Fuel for the work already happening.

You’ve made it through grooming and started lifting. Your body is asking for fuel and you’re about to feed it whatever you’ve been feeding it for the last twenty years. This is the pillar where the system either takes hold or falls apart, because nutrition is where everyone has the strongest opinions, the loudest cultural noise, and the longest history of failure. The Reload version is built for the man who’s tried every diet and is tired of dieting.

What It Does

What this pillar actually does.

Carter doesn’t start with macros. He doesn’t ask you to weigh your food. He doesn’t hand you a meal plan. The first stage of the nutrition pillar is a set of simple guidelines designed to get your default eating out of crisis mode without requiring tracking, apps, or spreadsheets. Expect to adapt to stage one within a few weeks. The point isn’t optimization. It’s pulling the wheel away from whatever has been driving your eating for the last decade.

Carter has practical answers for men who can’t cook. Specific grocery store shortcuts. Specific fast casual options that work in a pinch. The point of stage one isn’t perfection. It’s making it possible to eat well without rearranging your life.

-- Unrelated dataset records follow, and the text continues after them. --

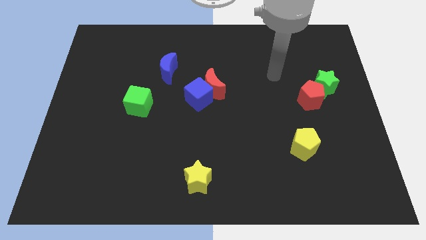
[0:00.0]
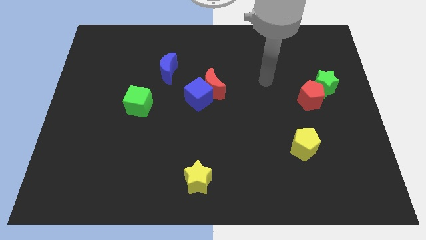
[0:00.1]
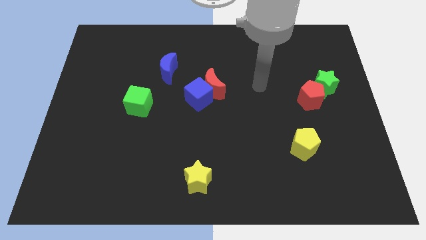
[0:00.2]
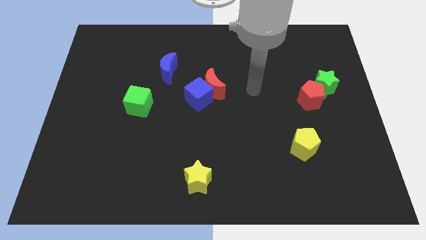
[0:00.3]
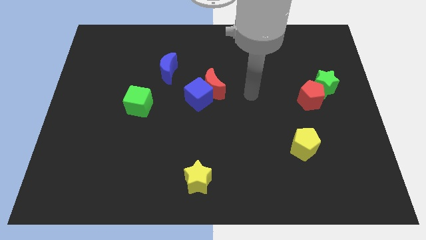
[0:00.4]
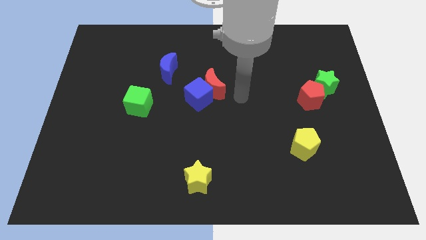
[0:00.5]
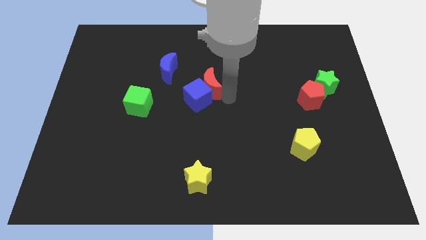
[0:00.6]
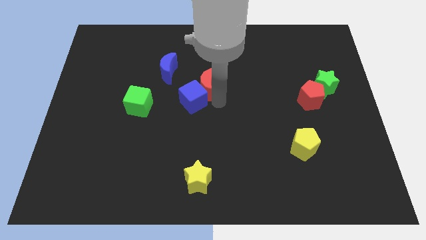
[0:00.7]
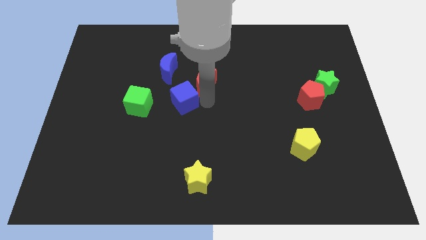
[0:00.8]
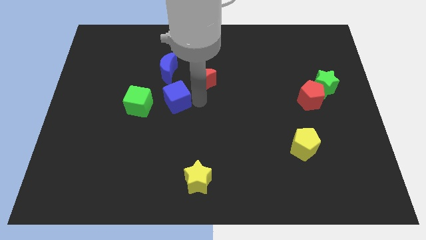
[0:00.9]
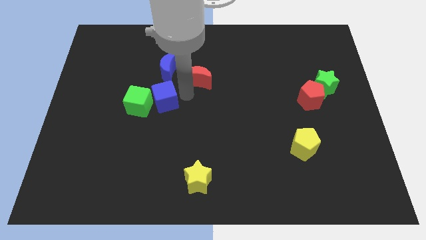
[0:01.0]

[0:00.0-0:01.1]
separate the red moon from the blue cube

Once your default eating has shifted and the cravings for processed food have started to fade (and I believe they will), Carter introduces stage two. Maintenance calories calculated by a specific formula based on what actually worked for me. A macro ratio in specific proportions. Tracking. A food scale. This is the phase where the body actually transforms, but it only works if stage one has already installed the habits underneath it.

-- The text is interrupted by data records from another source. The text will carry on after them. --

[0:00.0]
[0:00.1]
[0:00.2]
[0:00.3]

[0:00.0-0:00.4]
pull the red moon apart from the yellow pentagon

The numbers, the formula, and the food list are not on this page. That’s not an accident. The reason men succeed on Carter’s protocol where they failed on others isn’t because the numbers are secret. It’s because Carter calibrates them to your body, your training, and your starting point, and because the gatekeeping forces you to earn each phase before you get the next one. You can’t shortcut your way past the foundation. The system is designed to refuse to let you.

The Order

Why nutrition goes third in The Sequence.

Nutrition is the next hardest thing to overcome after grooming and fitness, which is exactly why it goes here. By the time you arrive at this pillar, you’ve already built the daily routine and you’re putting in the work in the gym. You’ve earned some momentum. The system places nutrition third because it’s the lift you couldn’t have made earlier without that momentum underneath it.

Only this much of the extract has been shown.